JohnBra commented 2 years ago

@weareoutman haha yes. Bit of a hacky solution to be honest. Works better than I expected because of the way the SSR pages are built.

Basically all pages, both SSR and CSR, are being rendered as <div>Loading...</div> (see the WithAuth wrapper in my initial post above). Because of this the search plugin can't read any content, but all the pages are present in the search index.

I agree it won't be possible in one build. I think the easiest solution to at least enable search for this use case is making the search-index.json build by this plugin optional.

That way I could for example build a small hook, that builds it locally, put the search-index.json in the static folder and just access it on the client. Currently my pipeline automatically generates the search-index.json in a container and overwrites a statically built one, even if I provide it first.

EDIT: you can probably close this issue, unless you think an optional build step is in the picture. Thanks anyway!

tisonkun commented 1 year ago

I write such a code snippet and it builds the search index while I protect the site with Auth0:

import useIsBrowser from "@docusaurus/useIsBrowser";

export default function Root({children}): JSX.Element {
    const isBrowser = useIsBrowser();
    return isBrowser ? (<Auth0Provider ...> ... </Auth0Provider>) : <>{children}</>;
}

UPDATE: Not exactly. useIsBrowser will be false before React loaded and it leaks the page in the first place.

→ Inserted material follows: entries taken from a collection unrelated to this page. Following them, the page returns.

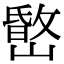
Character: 𡼐
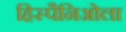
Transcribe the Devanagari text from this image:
हिस्पैनिओला
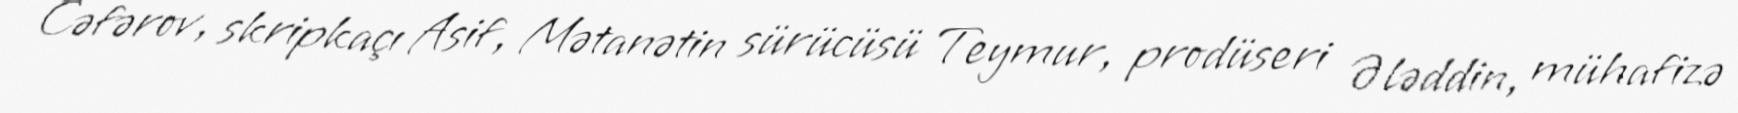
Cəfərov, skripkaçı Asif, Mətanətin sürücüsü Teymur, prodüseri Ələddin, mühafizə
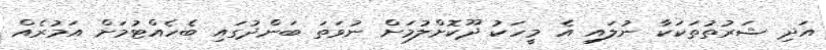
އަދި ޝަރުތުތަކަކާ ނުލައި އެ މީހަކު ދޫކޮށްލުމަށް ނުވަތަ ބަންދުގައި ބެހެއްޓުމަށް އަމުރެއް
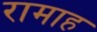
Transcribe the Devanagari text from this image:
रामाह
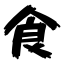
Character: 食
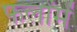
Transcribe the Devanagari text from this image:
फलोंमें
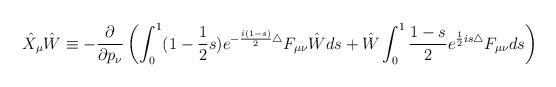
LaTeX: \begin{align*}\hat{X}_\mu\hat{W} \equiv -\frac{\partial}{\partial p_\nu}\left(\int_0^1 (1-\frac{1}{2}s)e^{-\frac{i(1-s)}{2}\bigtriangleup}F_{\mu\nu}\hat{W}ds+ \hat{W} \int_0^1\frac{1-s}{2}e^{\frac{1}{2}is\bigtriangleup}F_{\mu\nu}ds\right)\end{align*}
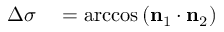
\begin{array} { r l } { \Delta \sigma } & { { } = \operatorname { a r c c o s } \left( \mathbf { n } _ { 1 } \cdot \mathbf { n } _ { 2 } \right) } \end{array}
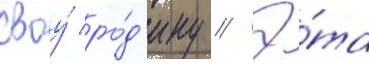
своу́ ро́д'ину // Э́та
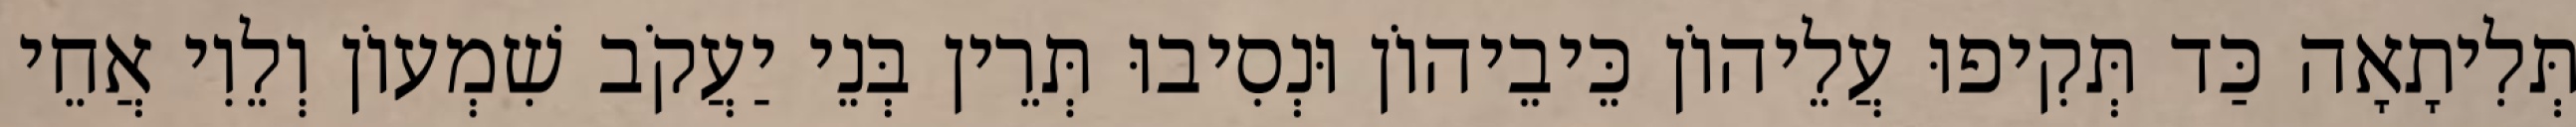
תְּלִיתָאָה כַּד תְּקִיפוּ עֲלֵיהוֹן כֵּיבֵיהוֹן וּנְסִיבוּ תְּרֵין בְּנֵי יַעֲקֹב שִׁמְעוֹן וְלֵוִי אֲחֵי
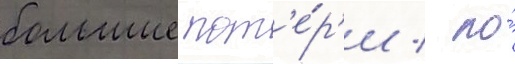
большие пот'е́р'и / но́
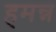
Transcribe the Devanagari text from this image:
हमन्न
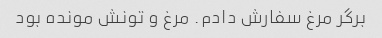
برگر مرغ سفارش دادم. مرغ و تونش مونده بود
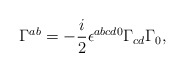
\begin{align*}\Gamma^{ab} = -\frac i2\epsilon^{abcd0}\Gamma_{cd}\Gamma_0,\end{align*}
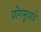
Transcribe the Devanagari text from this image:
योगसूत्राचे
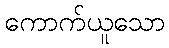
ကောက်ယူသော
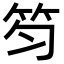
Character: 笉
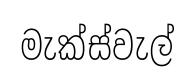
මැක්ස්වැල්
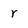
Character: r
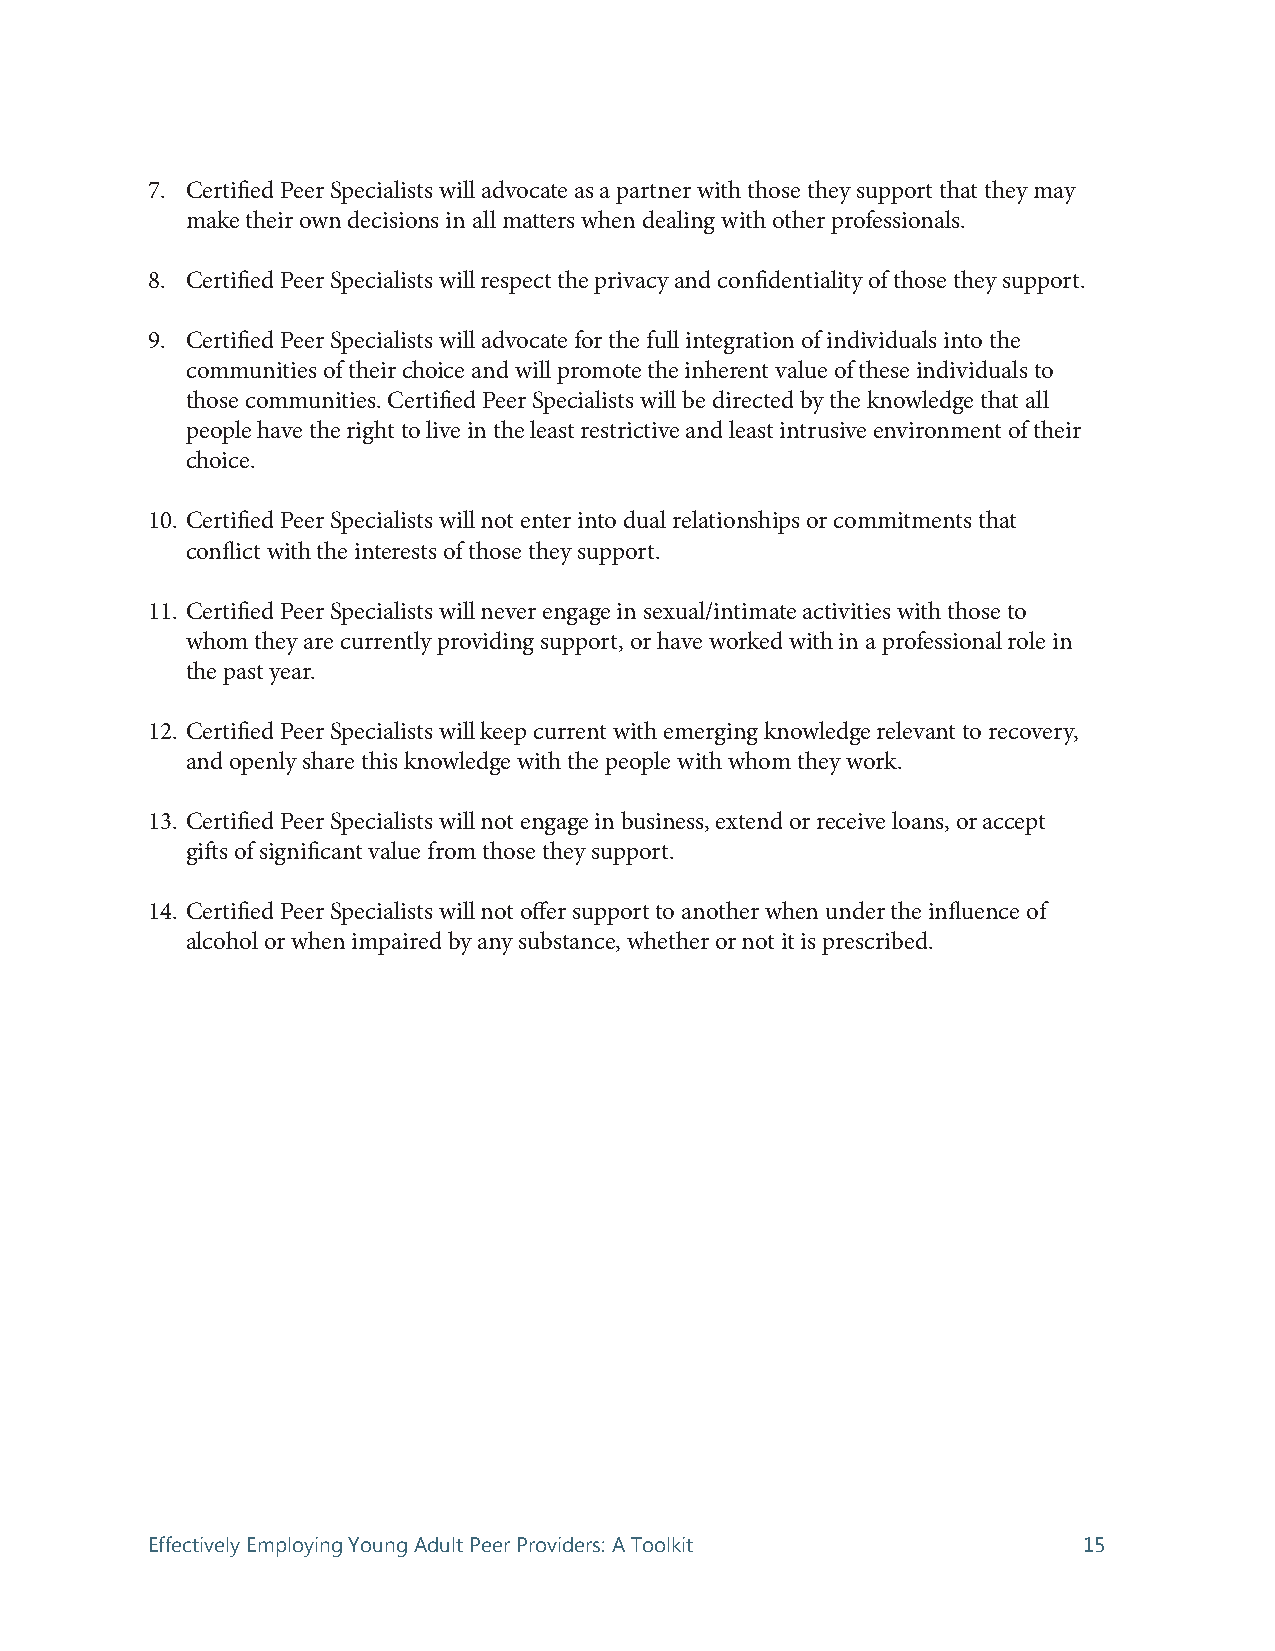
7. Certified Peer Specialists will advocate as a partner with those they support that they may
 make their own decisions in all matters when dealing with other professionals.
 8. Certified Peer Specialists will respect the privacy and confidentiality of those they support.
 9. Certified Peer Specialists will advocate for the full integration of individuals into the
 communities of their choice and will promote the inherent value of these individuals to
 those communities. Certified Peer Specialists will be directed by the knowledge that all
 people have the right to live in the least restrictive and least intrusive environment of their
 choice.
 10. Certified Peer Specialists will not enter into dual relationships or commitments that
 conflict with the interests of those they support.
 11. Certified Peer Specialists will never engage in sexual/intimate activities with those to
 whom they are currently providing support, or have worked with in a professional role in
 the past year.
 12. Certified Peer Specialists will keep current with emerging knowledge relevant to recovery,
 and openly share this knowledge with the people with whom they work.
 13. Certified Peer Specialists will not engage in business, extend or receive loans, or accept
 gifts of significant value from those they support.
 14. Certified Peer Specialists will not offer support to another when under the influence of
 alcohol or when impaired by any substance, whether or not it is prescribed.
 Effectively Employing Young Adult Peer Providers: A Toolkit   15
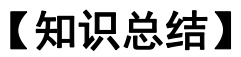
【知识总结】

tisonkun commented 1 year ago

Replace isBrowser with env var BUILD and wrap a script:

#!/usr/bin/env bash

ROOT_DIR=$(git rev-parse --show-toplevel)
# shellcheck disable=SC2164
cd "$ROOT_DIR"

BUILD=1 yarn docusaurus build
mv build/search-index.json search-index.json
BUILD=0 yarn docusaurus build
mv search-index.json build/search-index.json
export default function Root({children}): JSX.Element {
    const {siteConfig} = useDocusaurusContext();
    const {BUILD} = siteConfig.customFields;
    return (BUILD > 0) ? <>{children}</> : (<Auth0Provider ...> ... </Auth0Provider>);
}
BenjaminYde commented 8 months ago

Hi,

I have the same problem when running in production. See my Root.js:

import React, { useEffect, useState} from 'react';
import { MsalProvider, AuthenticatedTemplate, UnauthenticatedTemplate, useMsal, useMsalAuthentication} from "@azure/msal-react";
import { PublicClientApplication, InteractionStatus, InteractionType} from "@azure/msal-browser";
import useDocusaurusContext from '@docusaurus/useDocusaurusContext';

// Default implementation, that you can customize
export default function Root({children}) {

  const {siteConfig} = useDocusaurusContext();

  const isProduction = process.env.NODE_ENV === 'production';
  const redirectUri = isProduction ? `https://${siteConfig.organizationName}.github.io${siteConfig.baseUrl}index.html` : 'http://localhost:3000/';

  const msalConfig = {
    auth: {
      clientId: "xxx",
      authority: 'xxx',
      redirectUri: redirectUri
    },
    cache: {
      cacheLocation: 'localStorage',
      storeAuthStateInCookie: false,
    }
  };

  const pca = new PublicClientApplication(msalConfig);
  const isLocalDevelopment = process.env.NODE_ENV === 'development';

  const authProvider = isLocalDevelopment ? (
      <main>
        {children}
      </main>
    ) : (
      <MsalProvider instance={pca}>

        <UnauthenticatedTemplate>
          <Login/>
        </UnauthenticatedTemplate>

        <AuthenticatedTemplate>
          <main>{children}</main>
        </AuthenticatedTemplate>

      </MsalProvider> 
    );

  return <>{authProvider}</>;
}

function Login() {
  const request = {
    scopes: ["User.Read"],
    prompt: 'select_account'
  }

  const { login, error } = useMsalAuthentication(InteractionType.Silent, request);
  const msalInstance = useMsal();

  useEffect(() => {
    if (error && msalInstance.inProgress === InteractionStatus.None) {
      login(InteractionType.Redirect, request);
    }
  }, [error, login, request, msalInstance]);

  return null;
};

When I remove the Authentication components from the MsalProvider it works fine: But then I do not have my authentication wrapper ;)

<MsalProvider instance={pca}>
    <main>{children}</main>
</MsalProvider> 

Is there a way to manually add the Search bar component / force it? Setting the forceIgnoreNoIndex: true in the docusaurus.config.js does not work for me. It's like when the site is re-rendered or something, the search bar dissappears?